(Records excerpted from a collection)
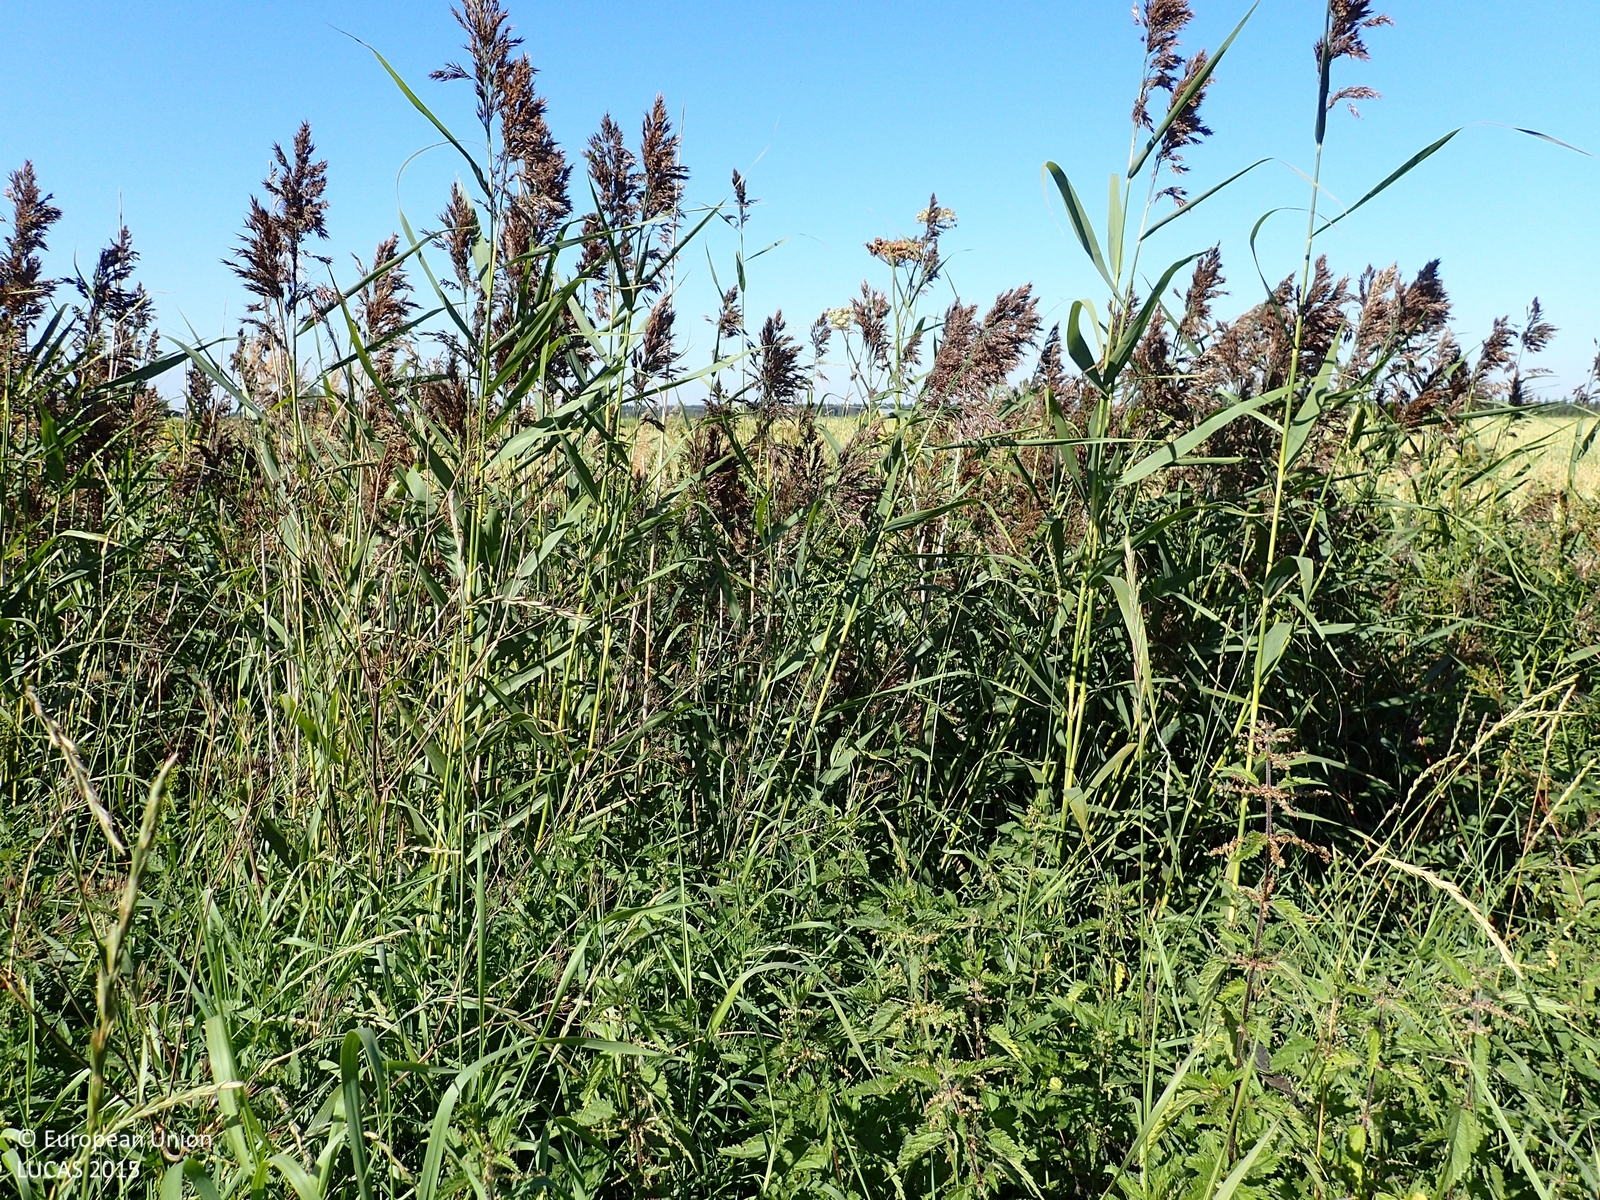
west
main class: Cropland
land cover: Common wheat
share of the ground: > 75 %
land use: Agriculture (excluding fallow land and kitchen gardens)
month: August
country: FI
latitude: 62.4652
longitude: 21.6992

_Exercise instructions_
The response consists of the data above printed line for line, with no pictures.

_Response to this task_
west
main class: Cropland
land cover: Common wheat
share of the ground: > 75 %
land use: Agriculture (excluding fallow land and kitchen gardens)
month: August
country: FI
latitude: 62.4652
longitude: 21.6992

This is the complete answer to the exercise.